Brief history and evolution
- 1943: McCulloch and Pitts proposed binary threshold (step) neurons — first formalized artificial neuron.
- 1958: Rosenblatt's perceptron used step activation; limited to linearly separable problems.
- 1970s–80s: Sigmoid (logistic) and tanh activations became common; differentiable, enabling gradient-based learning.
- 1980s: Backpropagation popularized training multi-layer networks with differentiable activations.
- 1990s–2000s: Sigmoid/tanh used widely, but deeper networks suffered from vanishing gradients.
- 2010–2012: ReLU (Rectified Linear Unit) surged in popularity (Nair & Hinton 2010; widespread use after AlexNet 2012) because of simplicity and improved gradient flow.
- 2010s onward: ReLU variants (LeakyReLU, PReLU), ELU, SELU, and later GELU, Swish, Mish, and hard approximations for mobile/hardware efficiency.
- Present: Activation choice is task-dependent: ReLU default for CNNs, GELU/Swish common in transformers; specialized activations in quantized or spiking networks.
Mathematical properties and practical considerations
When choosing or designing activation functions, consider:
- Differentiability: required for gradient-based optimization (strict differentiability not strictly necessary — ReLU has subgradient at 0).
- Saturation: functions that saturate (sigmoid, tanh) have near-zero gradients far from 0, causing vanishing gradients.
- Zero-centeredness: activations centered around zero (tanh) help balance gradients; positive-only outputs (ReLU, sigmoid) may introduce bias in activations.
- Monotonicity: monotonic activations simplify optimization analysis; non-monotonic activations (Swish, Mish) can sometimes improve performance.
- Boundedness: bounded outputs (sigmoid/tanh) limit activation magnitude; unbounded activations (ReLU) can grow large and risk exploding activations if not controlled.
- Sparsity: ReLU yields exact zeros for negative inputs, encouraging sparse activations and computational efficiency.
- Smoothness: smooth activations (ELU, softplus, Swish) can improve optimization by providing continuous gradients.
- Computational cost: simple operations (max, multiplication) are faster and more hardware-friendly than complex functions.
- Robustness to weight initialization: some activations require careful initialization (SELU has special requirements).
- Quantization/efficiency: hardware-friendly approximations (hard-swish, hard-sigmoid) are used for mobile networks.
Common activation functions
Below are commonly used activations with formula, derivative, and pros/cons.
Note: φ'(z) denotes derivative wrt z.
1. Linear (identity)
Formula: `` φ(z) = z φ'(z) = 1 `` Use: output layer for regression; not used in hidden layers (would make network linear).
Pros: simple; preserves scale.

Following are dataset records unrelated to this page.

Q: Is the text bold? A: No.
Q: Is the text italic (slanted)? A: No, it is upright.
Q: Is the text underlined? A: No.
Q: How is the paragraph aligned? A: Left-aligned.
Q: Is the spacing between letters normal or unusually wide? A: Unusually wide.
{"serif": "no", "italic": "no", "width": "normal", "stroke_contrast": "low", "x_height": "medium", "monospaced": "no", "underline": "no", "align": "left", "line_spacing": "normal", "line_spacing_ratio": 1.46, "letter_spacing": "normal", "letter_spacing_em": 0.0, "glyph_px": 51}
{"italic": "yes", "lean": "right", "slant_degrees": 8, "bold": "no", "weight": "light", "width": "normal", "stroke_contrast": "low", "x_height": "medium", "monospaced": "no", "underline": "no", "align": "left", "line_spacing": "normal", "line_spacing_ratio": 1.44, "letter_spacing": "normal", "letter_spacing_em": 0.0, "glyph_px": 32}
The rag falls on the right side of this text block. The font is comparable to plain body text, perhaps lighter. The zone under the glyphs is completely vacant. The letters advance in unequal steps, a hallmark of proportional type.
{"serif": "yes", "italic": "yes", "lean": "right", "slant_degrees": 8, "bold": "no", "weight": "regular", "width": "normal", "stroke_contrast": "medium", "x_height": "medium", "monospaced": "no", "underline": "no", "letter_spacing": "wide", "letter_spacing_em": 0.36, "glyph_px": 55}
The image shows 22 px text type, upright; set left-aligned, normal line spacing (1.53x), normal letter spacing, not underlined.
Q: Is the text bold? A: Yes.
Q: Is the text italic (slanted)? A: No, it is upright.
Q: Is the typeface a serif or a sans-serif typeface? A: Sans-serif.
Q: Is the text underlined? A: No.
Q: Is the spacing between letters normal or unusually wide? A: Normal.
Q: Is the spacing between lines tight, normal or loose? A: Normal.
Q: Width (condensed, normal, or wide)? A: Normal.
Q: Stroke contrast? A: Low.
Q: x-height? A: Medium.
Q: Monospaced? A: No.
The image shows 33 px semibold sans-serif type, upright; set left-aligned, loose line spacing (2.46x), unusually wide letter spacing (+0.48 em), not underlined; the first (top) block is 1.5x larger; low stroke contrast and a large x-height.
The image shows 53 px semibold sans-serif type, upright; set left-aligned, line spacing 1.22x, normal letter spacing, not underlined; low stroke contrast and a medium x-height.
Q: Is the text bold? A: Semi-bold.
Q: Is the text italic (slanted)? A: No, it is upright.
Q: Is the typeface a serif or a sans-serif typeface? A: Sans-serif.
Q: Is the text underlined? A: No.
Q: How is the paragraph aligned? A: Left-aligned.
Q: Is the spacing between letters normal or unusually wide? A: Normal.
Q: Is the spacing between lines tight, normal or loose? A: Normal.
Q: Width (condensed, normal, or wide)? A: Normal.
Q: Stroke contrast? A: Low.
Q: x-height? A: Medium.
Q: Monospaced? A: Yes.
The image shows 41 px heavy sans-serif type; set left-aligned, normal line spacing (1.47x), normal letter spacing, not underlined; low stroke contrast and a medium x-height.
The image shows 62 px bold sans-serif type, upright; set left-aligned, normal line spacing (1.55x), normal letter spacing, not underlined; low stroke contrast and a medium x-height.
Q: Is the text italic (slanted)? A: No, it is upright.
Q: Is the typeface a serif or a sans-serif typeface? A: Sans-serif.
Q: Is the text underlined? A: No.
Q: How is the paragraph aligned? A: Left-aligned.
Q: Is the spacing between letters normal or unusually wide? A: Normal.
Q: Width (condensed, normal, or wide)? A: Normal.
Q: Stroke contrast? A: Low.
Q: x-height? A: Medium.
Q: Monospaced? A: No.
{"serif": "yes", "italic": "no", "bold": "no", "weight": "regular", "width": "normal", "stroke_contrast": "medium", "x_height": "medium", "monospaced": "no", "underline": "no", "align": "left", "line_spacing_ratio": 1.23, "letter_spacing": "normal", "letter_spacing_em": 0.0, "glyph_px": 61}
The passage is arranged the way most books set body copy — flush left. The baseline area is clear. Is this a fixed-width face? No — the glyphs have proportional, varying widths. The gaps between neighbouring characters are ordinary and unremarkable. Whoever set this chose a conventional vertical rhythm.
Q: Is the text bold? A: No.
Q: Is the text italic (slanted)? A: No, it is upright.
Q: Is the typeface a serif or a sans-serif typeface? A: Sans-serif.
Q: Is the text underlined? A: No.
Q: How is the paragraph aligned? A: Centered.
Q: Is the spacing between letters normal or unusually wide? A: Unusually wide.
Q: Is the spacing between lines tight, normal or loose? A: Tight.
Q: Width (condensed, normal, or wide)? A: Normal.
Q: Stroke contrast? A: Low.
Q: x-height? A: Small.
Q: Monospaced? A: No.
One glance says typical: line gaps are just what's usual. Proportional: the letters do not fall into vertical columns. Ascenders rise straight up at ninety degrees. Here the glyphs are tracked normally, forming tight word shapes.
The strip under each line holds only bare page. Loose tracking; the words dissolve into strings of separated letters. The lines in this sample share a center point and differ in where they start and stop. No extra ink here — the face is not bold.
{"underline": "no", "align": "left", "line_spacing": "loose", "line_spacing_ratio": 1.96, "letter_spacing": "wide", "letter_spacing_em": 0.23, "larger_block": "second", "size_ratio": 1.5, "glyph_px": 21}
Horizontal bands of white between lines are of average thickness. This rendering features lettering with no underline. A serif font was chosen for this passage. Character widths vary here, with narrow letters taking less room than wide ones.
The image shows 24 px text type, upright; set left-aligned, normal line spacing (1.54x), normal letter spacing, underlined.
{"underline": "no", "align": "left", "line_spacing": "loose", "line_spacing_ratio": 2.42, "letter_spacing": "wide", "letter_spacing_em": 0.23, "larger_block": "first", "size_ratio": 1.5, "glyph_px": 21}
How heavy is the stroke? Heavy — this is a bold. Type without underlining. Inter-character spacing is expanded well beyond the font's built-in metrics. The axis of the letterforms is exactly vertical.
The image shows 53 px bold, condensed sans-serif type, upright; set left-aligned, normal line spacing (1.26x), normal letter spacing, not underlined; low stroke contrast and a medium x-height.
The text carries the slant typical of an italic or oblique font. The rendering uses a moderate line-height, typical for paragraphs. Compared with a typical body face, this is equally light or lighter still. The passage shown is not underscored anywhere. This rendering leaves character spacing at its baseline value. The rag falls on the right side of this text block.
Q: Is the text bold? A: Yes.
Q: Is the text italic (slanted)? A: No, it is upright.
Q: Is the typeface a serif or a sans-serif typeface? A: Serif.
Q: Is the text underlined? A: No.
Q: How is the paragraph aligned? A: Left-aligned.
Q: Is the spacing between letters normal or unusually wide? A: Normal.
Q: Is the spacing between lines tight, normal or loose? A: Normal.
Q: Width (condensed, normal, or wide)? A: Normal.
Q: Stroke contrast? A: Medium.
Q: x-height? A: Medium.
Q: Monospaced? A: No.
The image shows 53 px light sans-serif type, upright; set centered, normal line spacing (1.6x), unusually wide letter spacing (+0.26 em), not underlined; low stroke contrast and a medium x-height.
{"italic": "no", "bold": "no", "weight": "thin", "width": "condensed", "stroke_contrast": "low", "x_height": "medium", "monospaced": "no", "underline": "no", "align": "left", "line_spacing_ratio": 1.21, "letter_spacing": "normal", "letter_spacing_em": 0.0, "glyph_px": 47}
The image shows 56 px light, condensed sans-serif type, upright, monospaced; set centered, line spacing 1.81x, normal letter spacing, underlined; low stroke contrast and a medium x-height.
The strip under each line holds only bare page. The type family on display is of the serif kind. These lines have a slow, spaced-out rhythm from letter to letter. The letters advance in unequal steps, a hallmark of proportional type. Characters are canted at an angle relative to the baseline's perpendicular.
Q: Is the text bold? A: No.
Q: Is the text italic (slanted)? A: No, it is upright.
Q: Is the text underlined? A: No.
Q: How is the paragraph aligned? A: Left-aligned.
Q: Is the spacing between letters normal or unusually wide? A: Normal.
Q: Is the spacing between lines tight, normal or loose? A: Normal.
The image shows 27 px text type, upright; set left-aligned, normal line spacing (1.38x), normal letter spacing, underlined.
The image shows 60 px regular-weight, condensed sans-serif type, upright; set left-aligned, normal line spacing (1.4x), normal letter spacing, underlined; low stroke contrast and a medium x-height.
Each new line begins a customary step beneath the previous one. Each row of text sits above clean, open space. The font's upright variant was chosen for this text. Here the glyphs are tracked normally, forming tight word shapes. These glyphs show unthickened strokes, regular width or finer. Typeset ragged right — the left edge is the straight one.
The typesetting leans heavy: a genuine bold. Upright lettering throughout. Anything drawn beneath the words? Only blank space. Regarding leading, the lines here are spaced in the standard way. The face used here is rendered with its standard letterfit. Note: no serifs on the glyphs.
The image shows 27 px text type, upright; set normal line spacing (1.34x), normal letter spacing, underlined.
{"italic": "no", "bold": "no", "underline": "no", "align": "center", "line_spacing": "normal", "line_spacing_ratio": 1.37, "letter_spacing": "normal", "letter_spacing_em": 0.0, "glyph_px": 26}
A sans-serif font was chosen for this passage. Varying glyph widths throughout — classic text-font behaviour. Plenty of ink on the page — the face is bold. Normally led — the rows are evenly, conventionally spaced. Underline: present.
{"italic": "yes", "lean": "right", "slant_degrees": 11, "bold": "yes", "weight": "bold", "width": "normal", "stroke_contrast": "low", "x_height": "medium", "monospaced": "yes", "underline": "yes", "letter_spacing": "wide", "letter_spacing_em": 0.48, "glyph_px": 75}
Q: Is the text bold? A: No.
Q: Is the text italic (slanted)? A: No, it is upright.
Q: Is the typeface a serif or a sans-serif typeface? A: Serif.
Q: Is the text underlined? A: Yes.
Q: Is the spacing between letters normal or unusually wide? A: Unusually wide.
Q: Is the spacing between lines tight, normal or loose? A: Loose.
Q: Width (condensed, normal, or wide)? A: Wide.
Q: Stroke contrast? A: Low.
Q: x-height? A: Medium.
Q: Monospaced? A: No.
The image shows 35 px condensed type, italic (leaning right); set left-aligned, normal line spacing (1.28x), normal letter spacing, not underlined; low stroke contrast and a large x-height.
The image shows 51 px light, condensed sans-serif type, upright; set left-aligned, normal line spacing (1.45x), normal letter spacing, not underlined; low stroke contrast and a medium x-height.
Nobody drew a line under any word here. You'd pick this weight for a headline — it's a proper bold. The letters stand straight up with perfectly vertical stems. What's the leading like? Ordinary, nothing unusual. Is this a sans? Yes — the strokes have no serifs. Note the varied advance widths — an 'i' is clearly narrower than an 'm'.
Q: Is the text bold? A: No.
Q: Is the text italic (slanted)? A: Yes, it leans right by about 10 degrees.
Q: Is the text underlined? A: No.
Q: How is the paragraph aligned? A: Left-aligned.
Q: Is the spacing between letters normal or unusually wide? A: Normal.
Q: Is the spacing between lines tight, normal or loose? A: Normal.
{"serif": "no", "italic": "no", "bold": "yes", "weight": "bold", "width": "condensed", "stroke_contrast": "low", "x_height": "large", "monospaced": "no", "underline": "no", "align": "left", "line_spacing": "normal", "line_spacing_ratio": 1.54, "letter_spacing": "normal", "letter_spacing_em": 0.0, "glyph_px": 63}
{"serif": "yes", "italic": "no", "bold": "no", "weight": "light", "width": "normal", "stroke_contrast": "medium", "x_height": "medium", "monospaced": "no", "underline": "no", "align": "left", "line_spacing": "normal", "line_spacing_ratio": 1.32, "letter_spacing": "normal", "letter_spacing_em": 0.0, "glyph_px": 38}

Cons: no nonlinearity.
2. Step (Heaviside / binary threshold)
Formula: `` φ(z) = 1 if z >= 0 else 0 `` Derivative: zero almost everywhere (not usable for gradient descent).
Use: historical, perceptron. Cons: non-differentiable, unsuitable for gradient-based learning.
3. Sigmoid (logistic)
Formula: `` φ(z) = 1 / (1 + exp(-z)) φ'(z) = φ(z) * (1 - φ(z)) `` Pros: smooth, outputs in (0,1) => interpretable as probability (binary classification). Cons: saturates for large |z| => vanishing gradients; outputs not zero-centered; slower convergence.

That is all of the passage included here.